日本列島旅鴉

風が吹くまま西東、しがない旅鴉の日常を綴ります。

不穏な空気 続編

2017-04-05 22:19:22 | 
レッカー車で緊急搬送された相棒の診断結果と修理の見積もりが出ました。原因はイグニッションコイルなるもので、6気筒あるうちの2番目、4番目がご臨終となり、残る4気筒での運転となったため、異常な振動が起きたというのがディーラーの説明です。ただし出費としては前回とおおむね同額で済みました。相当な出費も覚悟していただけに、思ったよりも軽症で済んでくれたのは幸いです。
それはよいのですが、問題はもう一つの見積もりが出てきたことです。以前も交換したバルブリフターで、今回の不具合と直接の関連はないものの、年数、走行距離を考えると交換が望ましいという診断でした。しかしこちらは20万円を超す高額で、いくら転ばぬ先の杖とはいっても、自分にとって迷いなく決断できる出費ではありません。緊急度が高くないこと、既に一度交換していることから見送ったものの、一時落ち着いていた維持費に再び高騰の兆しが出始め、不穏な空気が違った形で漂ってきました。

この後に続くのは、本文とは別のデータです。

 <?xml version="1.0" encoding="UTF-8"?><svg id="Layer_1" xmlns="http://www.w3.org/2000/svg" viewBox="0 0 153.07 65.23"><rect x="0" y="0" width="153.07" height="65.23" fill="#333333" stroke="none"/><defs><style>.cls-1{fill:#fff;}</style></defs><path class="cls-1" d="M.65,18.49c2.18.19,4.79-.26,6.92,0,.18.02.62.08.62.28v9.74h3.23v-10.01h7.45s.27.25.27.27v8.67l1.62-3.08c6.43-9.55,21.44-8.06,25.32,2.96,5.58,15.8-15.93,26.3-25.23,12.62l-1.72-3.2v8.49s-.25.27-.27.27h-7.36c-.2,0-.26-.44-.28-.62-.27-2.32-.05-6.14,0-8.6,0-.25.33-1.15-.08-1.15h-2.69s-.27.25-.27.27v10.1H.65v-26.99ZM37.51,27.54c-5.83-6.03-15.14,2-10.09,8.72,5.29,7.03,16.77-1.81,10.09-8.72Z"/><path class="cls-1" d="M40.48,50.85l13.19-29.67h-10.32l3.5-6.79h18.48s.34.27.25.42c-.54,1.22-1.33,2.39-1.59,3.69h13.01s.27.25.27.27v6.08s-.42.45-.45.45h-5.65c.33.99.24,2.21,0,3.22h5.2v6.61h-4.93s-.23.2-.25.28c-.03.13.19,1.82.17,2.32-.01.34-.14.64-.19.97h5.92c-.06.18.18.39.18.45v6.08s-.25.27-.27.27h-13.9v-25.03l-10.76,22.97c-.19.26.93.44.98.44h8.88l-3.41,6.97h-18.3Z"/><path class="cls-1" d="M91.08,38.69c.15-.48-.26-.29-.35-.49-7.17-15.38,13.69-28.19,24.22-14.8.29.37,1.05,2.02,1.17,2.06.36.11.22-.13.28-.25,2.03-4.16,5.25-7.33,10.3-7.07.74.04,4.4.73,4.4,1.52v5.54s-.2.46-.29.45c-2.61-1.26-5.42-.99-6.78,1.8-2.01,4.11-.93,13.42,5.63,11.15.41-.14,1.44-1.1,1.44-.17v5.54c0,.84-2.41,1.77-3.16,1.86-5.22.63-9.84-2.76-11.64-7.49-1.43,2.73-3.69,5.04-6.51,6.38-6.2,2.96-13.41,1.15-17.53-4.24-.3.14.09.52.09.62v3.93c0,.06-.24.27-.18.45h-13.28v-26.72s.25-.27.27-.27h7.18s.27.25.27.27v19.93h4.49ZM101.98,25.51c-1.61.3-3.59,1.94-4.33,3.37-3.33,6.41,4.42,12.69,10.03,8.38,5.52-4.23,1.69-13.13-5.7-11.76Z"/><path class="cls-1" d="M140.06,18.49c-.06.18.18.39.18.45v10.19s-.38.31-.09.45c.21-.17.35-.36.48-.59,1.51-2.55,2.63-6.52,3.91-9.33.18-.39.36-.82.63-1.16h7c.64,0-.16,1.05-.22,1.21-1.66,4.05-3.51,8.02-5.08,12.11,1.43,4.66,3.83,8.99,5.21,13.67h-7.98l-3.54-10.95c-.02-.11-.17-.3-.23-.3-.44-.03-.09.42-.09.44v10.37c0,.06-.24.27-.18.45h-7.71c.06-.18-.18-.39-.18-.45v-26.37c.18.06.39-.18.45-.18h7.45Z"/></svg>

今年の9月には先代オーナーから引き継いで10年の節目を迎え、来年の車検までには通算20万kmの節目が見えてくると予想されます。少なくともそれまで乗り続けるという方針については、かねてから繰り返し語ってきたところです。しかし今回、久々のに高額な見積もりが提示されるに至り、さらに先のことを考えるべき段階に入ったというのが実感です。
結論から申しますと、なけなしの金が続く限り乗り続けるという方針は変わりません。ただし、その背景は少しずつ変化してきました。今までは、長年活動を共にしてきたことからくる愛着が第一でしたが、それに加えて年々大きくなりつつあるのが、是非乗り換えたいと思う車が見当たらない現状です。直列6気筒の機関を自然吸気で吹かす、古きよき時代の車に乗ってきた人間にとって、効率性、経済性を徹底追求した現代の車に、自ら所有したいと思うほどの魅力を感じないとでも申しましょうか。
鉄道車両にたとえるならば、100系とN700系の違いのようなものともいえます。各地にはびこる安普請の規格型車両と違い、別にN700系を嫌っているわけではないのです。むしろ最高の性能と経済性、居住性を兼ね備えた最先端の車両と思います。しかし、重く大きい100系の風格、存在感に比べれば、合理性を突き詰めたN700系は無味乾燥に映り、少なくともこの列車で旅をしたいと思うほどではありません。同様のことが乗用車についてもいえます。性能、安全性、快適性は年々高まる一方、今や5シリーズでさえ大半が4気筒車です。巷で話題の自動運転なるものまで実用化されれば、「駆けぬける歓び」は有名無実化するでしょう。それだけに、今の車をどれだけ長く維持できるかに関心が移らざるを得ないというわけです。
かような観点からすれば、将来的に交換すべき箇所については先手を打った方が望ましく、バルブリフターもその一つだったといえます。しかしその一方で、なけなしの金をはたいているという現実もあります。今回あるいは前回のように、10万円前後なら比較的迷いなく決断できる一方、それを大きく超えると緊急度を踏まえて取捨選択せざるを得ないのが実情です。見方を変えると、数十万円単位の修繕が頻発するようになったときは、いよいよ潮時ということになるかもしれません。どこまで粘るつもりかと、試されているかのような今回の見積もりでした。